• EXERCISE PROMPT:
Check which lines of the entries that follow hold "points", then give the number of those lines and nothing more.
*** Begin section ***
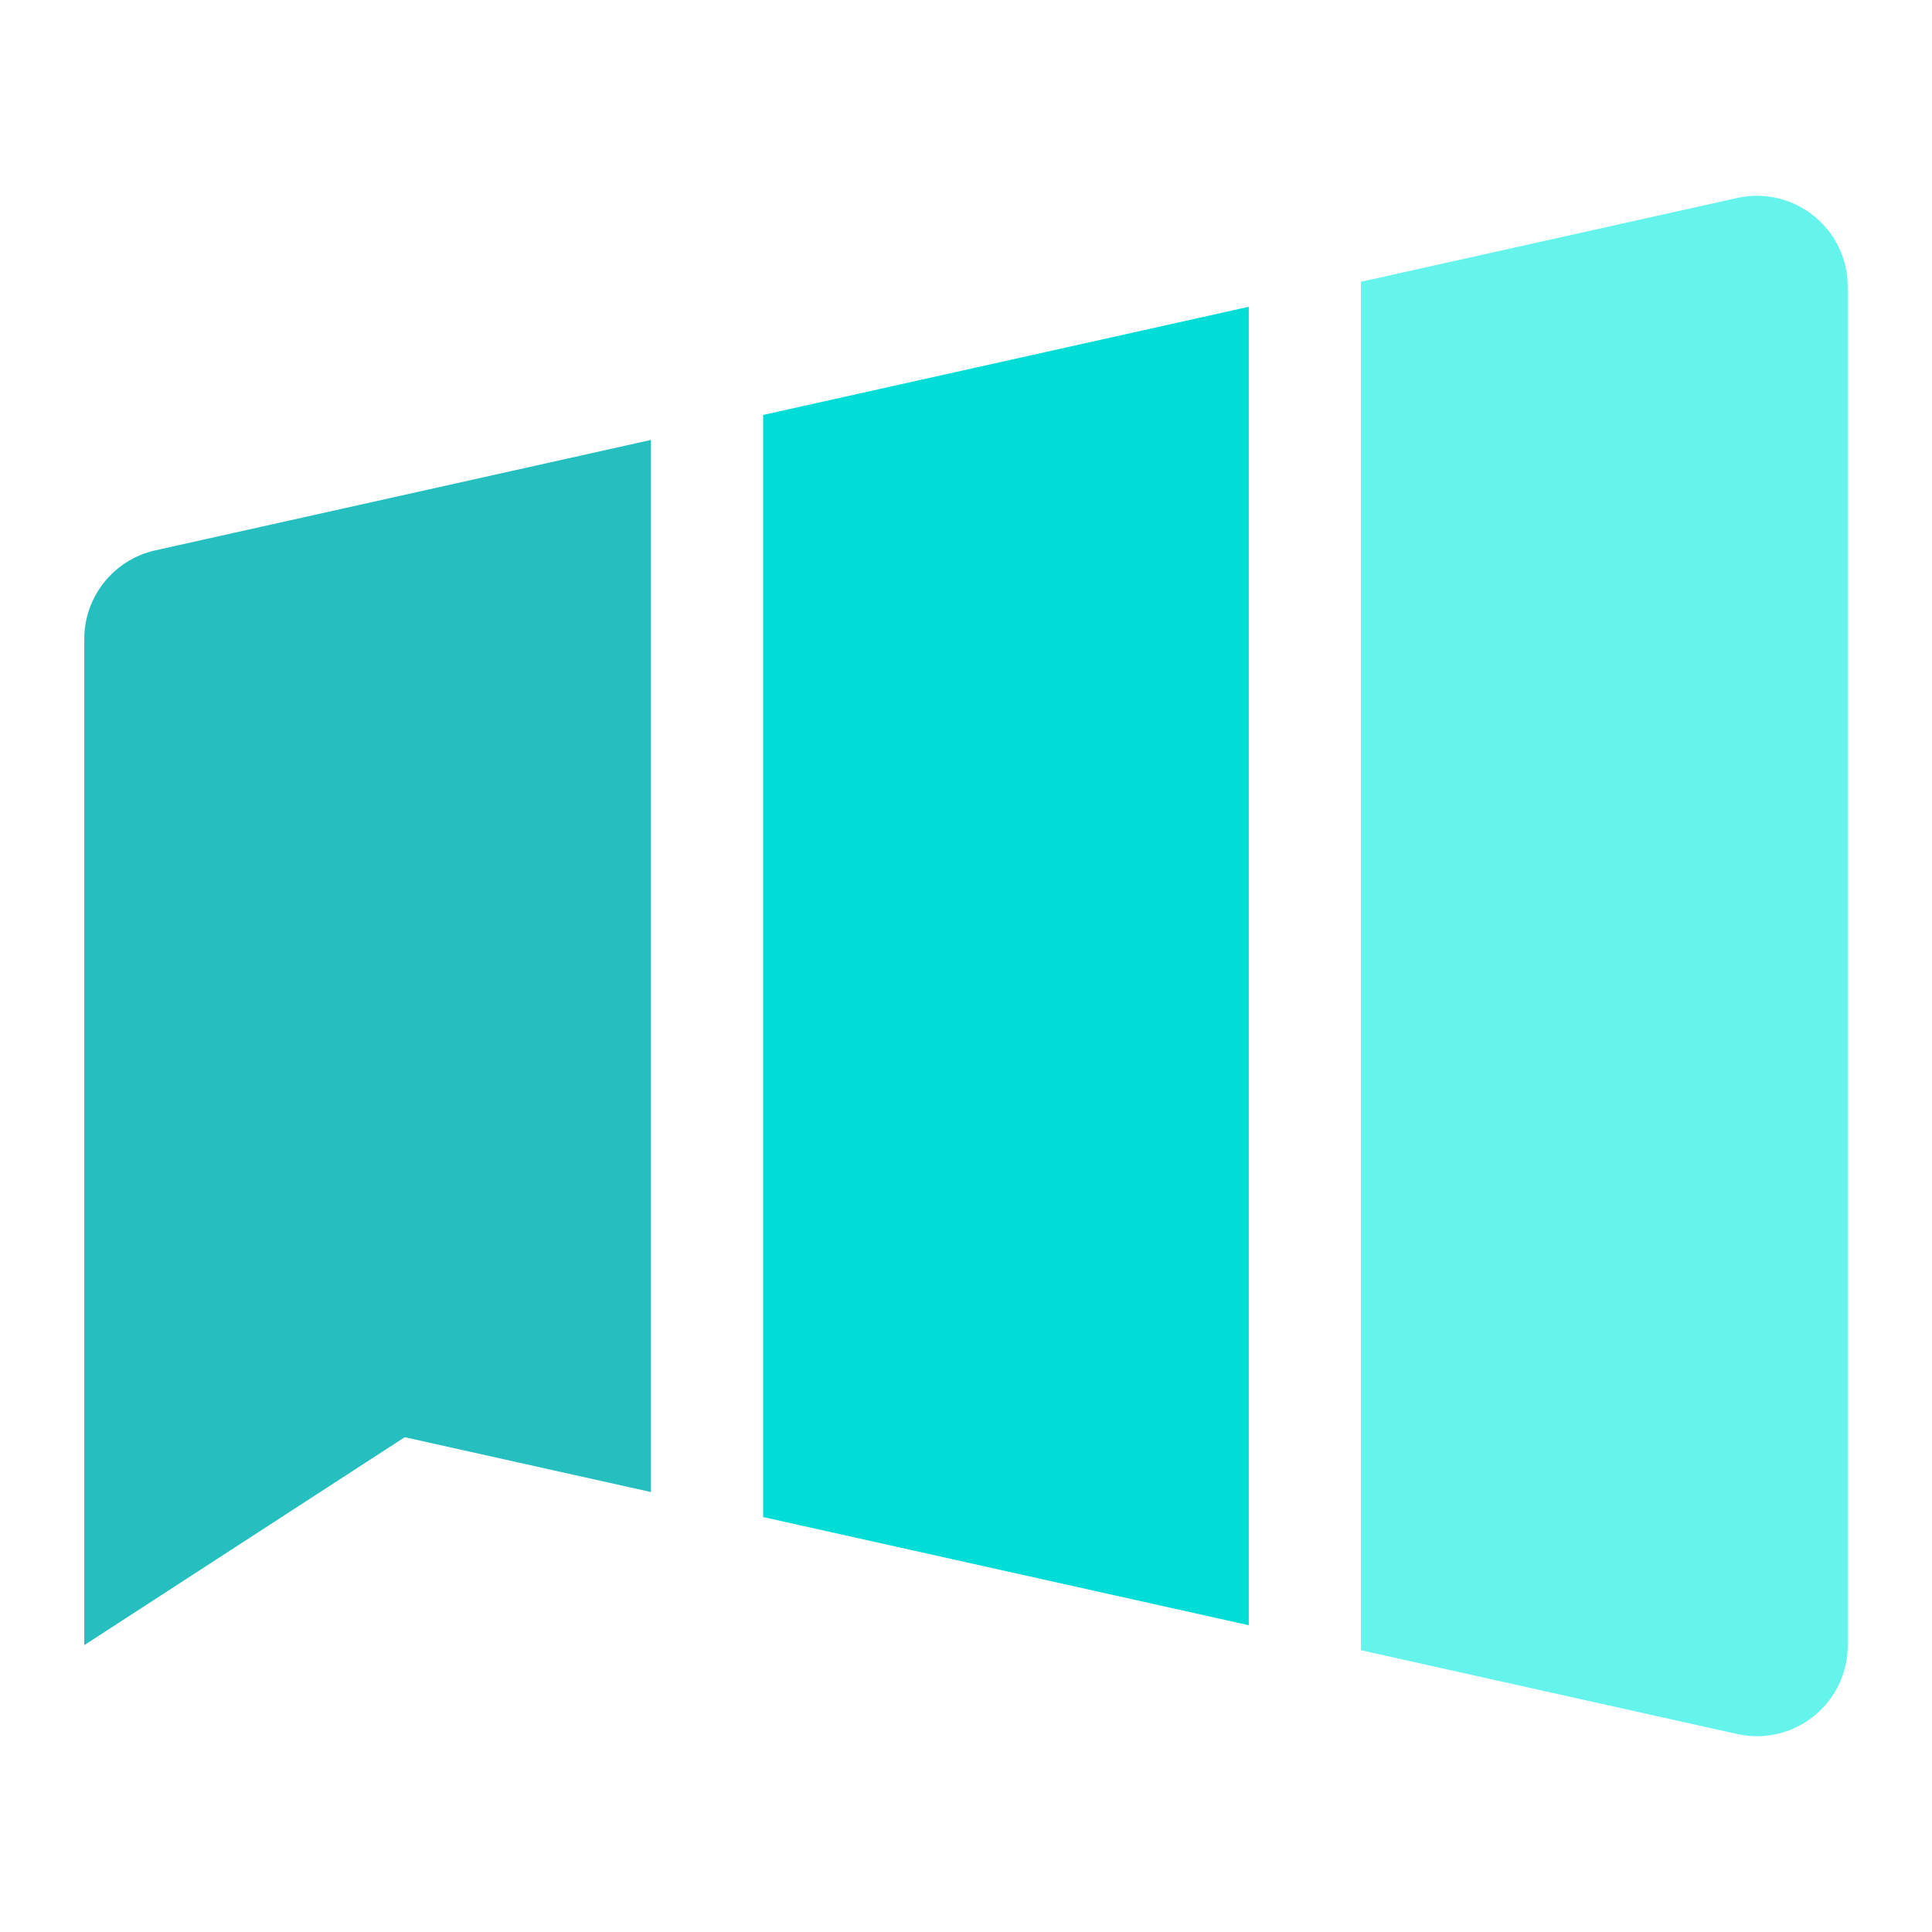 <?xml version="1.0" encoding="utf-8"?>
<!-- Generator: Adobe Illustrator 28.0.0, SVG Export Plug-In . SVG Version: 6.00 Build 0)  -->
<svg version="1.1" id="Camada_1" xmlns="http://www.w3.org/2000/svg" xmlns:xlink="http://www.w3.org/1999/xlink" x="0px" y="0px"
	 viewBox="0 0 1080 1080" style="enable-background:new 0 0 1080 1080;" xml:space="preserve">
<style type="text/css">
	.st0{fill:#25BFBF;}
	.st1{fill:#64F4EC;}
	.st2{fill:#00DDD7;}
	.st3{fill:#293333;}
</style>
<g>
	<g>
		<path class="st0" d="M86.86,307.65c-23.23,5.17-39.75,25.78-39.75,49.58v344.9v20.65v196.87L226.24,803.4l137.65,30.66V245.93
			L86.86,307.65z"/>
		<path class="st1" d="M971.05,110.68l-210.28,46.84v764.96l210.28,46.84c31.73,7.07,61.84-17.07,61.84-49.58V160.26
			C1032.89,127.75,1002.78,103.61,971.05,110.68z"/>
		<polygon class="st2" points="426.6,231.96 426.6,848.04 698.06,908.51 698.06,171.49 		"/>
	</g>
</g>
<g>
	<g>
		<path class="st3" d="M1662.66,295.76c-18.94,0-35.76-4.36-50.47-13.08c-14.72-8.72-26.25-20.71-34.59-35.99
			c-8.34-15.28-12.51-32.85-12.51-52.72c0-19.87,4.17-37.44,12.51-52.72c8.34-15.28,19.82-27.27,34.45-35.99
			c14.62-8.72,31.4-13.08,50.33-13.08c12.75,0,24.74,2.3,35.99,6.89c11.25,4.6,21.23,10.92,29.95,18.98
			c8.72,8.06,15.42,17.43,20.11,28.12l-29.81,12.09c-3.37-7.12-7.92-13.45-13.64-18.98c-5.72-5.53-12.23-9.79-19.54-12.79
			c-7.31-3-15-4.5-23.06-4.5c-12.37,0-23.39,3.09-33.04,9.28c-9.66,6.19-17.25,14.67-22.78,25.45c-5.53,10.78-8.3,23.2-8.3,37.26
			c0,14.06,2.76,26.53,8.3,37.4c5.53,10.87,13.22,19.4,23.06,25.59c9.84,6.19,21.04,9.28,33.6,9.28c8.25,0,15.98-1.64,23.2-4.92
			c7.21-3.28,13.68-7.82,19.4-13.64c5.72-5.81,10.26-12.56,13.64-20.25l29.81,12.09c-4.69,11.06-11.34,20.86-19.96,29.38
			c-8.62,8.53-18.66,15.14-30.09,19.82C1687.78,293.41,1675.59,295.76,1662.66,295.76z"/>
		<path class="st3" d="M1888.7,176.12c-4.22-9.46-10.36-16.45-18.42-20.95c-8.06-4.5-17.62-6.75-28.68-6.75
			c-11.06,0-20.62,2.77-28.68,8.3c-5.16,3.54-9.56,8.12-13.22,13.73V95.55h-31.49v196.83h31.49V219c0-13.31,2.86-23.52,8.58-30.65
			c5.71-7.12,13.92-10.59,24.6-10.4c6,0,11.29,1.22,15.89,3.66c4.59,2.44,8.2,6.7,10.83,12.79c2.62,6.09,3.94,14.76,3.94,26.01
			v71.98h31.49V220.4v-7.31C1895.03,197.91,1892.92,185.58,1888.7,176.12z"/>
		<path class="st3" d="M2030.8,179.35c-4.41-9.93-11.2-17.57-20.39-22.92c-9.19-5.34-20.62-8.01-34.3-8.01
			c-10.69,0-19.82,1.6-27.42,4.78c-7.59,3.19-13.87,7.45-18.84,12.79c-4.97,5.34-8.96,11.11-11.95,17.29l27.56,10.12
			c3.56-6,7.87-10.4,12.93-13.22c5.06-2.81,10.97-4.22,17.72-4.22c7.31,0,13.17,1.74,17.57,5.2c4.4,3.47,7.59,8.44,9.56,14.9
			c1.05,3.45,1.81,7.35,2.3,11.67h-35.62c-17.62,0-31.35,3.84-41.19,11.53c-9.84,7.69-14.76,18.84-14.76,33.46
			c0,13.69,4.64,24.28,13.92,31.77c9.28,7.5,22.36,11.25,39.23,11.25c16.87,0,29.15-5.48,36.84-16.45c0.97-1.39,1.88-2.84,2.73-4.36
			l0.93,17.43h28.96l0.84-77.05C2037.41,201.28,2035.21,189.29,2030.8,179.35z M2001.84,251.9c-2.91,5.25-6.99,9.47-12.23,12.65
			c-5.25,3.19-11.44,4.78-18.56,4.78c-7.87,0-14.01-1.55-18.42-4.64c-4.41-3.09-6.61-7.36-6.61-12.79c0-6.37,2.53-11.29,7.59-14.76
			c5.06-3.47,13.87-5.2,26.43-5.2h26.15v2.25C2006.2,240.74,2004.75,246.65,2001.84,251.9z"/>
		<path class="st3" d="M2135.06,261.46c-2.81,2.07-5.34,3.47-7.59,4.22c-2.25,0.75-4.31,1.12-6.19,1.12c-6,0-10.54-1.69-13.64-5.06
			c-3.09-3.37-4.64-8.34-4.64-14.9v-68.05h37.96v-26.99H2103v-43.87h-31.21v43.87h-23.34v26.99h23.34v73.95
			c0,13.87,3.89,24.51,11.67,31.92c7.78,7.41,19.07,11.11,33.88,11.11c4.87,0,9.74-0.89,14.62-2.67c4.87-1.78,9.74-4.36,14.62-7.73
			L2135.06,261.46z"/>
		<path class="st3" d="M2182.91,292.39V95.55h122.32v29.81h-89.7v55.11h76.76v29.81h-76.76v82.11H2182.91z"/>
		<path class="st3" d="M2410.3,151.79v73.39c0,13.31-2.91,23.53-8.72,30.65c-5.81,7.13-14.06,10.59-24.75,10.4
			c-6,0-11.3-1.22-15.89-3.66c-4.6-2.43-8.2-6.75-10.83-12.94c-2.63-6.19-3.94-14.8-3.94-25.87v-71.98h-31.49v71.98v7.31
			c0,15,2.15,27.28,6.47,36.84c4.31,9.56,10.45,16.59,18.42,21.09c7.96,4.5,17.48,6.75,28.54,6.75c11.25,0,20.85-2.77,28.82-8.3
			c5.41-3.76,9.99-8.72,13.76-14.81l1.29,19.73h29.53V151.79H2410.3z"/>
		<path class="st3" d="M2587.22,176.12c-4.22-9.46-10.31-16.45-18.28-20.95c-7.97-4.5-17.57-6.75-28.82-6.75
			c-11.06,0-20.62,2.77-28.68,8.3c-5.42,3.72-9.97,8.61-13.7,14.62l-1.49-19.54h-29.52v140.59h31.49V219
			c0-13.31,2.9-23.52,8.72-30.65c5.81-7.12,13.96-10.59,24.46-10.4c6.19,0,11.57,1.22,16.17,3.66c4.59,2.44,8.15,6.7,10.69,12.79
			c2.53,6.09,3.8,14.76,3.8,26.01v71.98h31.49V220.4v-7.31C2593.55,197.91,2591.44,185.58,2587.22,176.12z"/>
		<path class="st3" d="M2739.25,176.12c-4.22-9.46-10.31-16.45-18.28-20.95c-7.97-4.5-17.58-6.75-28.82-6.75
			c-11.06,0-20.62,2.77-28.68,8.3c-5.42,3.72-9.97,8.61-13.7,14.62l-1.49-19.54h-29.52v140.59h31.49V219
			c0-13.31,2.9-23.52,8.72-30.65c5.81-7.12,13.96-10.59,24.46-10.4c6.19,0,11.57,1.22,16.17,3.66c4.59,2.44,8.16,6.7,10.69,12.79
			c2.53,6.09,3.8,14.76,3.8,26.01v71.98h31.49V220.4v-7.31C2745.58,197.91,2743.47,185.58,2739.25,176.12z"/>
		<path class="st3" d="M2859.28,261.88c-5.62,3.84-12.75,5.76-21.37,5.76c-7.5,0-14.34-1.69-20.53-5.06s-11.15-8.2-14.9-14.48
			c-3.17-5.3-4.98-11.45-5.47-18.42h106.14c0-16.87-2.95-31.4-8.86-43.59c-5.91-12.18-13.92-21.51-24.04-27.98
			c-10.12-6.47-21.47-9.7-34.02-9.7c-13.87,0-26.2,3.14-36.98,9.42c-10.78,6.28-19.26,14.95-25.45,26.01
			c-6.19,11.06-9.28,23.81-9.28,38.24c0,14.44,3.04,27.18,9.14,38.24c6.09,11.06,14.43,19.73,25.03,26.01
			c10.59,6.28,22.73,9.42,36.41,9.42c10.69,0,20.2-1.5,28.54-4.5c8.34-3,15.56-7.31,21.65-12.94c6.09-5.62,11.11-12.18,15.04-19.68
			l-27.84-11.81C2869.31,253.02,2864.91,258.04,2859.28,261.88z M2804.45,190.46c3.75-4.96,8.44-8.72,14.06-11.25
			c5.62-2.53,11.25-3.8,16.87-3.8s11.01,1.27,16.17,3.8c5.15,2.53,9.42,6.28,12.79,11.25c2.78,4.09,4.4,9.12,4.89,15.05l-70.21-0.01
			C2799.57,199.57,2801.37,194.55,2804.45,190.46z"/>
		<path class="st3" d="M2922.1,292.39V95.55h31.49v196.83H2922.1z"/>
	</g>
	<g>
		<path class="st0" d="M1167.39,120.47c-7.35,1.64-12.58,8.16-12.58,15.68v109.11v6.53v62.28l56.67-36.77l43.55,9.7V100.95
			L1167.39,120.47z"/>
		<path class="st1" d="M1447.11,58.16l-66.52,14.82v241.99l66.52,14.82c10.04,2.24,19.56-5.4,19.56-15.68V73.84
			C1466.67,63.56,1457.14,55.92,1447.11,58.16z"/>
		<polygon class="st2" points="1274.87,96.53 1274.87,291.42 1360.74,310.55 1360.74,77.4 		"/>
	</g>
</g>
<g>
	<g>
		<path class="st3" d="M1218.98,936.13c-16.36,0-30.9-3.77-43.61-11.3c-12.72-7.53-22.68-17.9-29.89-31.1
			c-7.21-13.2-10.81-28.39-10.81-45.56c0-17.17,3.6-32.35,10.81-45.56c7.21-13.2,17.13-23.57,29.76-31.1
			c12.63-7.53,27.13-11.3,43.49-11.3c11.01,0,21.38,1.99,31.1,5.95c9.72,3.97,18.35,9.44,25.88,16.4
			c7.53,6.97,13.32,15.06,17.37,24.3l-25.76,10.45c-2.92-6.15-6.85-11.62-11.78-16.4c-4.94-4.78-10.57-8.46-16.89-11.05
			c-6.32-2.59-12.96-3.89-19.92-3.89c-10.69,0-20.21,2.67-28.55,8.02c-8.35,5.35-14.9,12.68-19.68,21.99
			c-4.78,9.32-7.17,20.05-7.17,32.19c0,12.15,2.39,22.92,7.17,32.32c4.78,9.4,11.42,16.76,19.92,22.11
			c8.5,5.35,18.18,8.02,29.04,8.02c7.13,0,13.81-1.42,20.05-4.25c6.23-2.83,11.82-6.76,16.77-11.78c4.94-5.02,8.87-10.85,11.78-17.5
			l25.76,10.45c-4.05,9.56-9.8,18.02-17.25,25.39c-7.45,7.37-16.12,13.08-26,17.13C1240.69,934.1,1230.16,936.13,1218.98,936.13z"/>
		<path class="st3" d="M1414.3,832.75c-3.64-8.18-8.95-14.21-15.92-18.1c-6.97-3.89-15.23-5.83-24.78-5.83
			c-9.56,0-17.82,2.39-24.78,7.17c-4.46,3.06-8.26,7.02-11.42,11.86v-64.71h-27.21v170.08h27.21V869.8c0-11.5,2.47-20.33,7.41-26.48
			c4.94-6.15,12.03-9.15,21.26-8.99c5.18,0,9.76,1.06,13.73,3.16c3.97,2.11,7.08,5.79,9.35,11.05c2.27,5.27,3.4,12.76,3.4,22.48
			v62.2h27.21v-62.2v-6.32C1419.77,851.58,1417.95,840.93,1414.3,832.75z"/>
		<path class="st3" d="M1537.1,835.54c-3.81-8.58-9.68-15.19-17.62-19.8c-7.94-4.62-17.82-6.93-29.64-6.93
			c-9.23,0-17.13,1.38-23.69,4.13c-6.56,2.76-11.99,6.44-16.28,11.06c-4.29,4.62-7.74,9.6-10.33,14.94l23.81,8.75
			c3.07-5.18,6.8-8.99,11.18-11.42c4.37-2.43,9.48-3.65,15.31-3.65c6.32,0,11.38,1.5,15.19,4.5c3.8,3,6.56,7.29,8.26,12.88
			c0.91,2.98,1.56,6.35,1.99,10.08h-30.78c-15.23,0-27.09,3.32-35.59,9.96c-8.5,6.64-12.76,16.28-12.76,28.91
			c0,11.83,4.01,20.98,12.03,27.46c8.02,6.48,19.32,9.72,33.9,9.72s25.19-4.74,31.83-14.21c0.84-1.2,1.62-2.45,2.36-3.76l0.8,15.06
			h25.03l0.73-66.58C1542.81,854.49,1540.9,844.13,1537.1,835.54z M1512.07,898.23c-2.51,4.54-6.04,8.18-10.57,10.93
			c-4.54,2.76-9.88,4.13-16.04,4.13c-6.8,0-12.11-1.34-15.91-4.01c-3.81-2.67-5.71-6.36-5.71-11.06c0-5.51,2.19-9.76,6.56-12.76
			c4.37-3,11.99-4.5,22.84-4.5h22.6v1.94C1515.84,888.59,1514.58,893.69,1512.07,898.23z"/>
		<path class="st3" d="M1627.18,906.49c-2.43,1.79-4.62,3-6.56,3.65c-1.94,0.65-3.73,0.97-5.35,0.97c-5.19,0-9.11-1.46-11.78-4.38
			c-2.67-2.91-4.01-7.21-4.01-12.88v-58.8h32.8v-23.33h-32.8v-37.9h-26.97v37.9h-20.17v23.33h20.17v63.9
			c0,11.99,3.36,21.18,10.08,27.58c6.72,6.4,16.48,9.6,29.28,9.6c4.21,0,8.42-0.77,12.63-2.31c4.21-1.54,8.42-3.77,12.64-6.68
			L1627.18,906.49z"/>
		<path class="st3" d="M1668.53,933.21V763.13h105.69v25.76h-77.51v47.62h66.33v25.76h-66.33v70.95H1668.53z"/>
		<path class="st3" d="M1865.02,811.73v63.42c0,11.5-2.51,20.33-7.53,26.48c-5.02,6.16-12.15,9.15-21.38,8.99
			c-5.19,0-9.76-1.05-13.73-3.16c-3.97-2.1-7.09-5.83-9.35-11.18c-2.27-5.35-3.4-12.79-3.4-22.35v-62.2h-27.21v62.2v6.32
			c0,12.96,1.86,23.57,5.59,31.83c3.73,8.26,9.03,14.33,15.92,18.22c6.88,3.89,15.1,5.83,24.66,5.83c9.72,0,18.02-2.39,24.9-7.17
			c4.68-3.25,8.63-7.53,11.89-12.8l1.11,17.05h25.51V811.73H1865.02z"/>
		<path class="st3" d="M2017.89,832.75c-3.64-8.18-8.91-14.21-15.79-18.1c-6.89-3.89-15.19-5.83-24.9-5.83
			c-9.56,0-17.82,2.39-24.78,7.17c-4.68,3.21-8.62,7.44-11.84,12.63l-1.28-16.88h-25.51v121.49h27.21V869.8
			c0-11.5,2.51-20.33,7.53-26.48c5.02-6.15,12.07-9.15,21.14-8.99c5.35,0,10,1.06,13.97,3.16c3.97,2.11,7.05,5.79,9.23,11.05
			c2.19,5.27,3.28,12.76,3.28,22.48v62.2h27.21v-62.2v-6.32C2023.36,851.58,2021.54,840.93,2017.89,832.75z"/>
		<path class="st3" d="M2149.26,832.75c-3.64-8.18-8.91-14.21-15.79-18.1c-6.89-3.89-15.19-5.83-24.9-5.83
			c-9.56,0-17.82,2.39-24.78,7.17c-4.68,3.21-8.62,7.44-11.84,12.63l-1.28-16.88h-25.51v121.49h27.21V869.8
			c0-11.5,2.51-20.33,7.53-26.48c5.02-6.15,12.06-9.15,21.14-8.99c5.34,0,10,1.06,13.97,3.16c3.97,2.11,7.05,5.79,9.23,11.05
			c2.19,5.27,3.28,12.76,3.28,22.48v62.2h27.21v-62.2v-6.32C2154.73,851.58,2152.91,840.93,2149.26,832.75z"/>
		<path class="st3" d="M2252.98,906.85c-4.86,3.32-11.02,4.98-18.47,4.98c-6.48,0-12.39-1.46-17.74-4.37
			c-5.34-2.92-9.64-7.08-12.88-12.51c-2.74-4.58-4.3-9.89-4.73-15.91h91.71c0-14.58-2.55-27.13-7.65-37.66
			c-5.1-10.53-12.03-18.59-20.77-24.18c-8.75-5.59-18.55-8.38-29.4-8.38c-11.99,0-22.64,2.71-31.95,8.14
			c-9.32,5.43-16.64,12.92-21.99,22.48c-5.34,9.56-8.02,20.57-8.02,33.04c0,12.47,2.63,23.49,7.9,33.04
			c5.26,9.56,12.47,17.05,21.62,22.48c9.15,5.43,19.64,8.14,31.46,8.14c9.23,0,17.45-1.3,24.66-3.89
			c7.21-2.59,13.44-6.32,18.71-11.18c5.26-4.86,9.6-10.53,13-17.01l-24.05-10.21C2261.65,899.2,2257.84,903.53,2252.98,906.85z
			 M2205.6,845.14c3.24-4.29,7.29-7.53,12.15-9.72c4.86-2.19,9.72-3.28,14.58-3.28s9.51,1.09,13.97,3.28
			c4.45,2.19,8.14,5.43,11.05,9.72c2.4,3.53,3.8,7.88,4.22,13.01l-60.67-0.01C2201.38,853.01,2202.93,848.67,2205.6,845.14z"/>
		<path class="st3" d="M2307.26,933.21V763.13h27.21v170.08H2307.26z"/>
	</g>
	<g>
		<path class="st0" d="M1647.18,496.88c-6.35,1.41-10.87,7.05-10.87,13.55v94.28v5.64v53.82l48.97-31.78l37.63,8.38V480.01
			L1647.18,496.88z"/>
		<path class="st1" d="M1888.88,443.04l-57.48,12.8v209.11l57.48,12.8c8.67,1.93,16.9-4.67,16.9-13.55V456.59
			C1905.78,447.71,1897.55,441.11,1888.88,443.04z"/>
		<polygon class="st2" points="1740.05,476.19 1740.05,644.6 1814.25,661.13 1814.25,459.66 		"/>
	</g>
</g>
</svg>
*** End section ***
• RESPONSE TO THE TASK:
3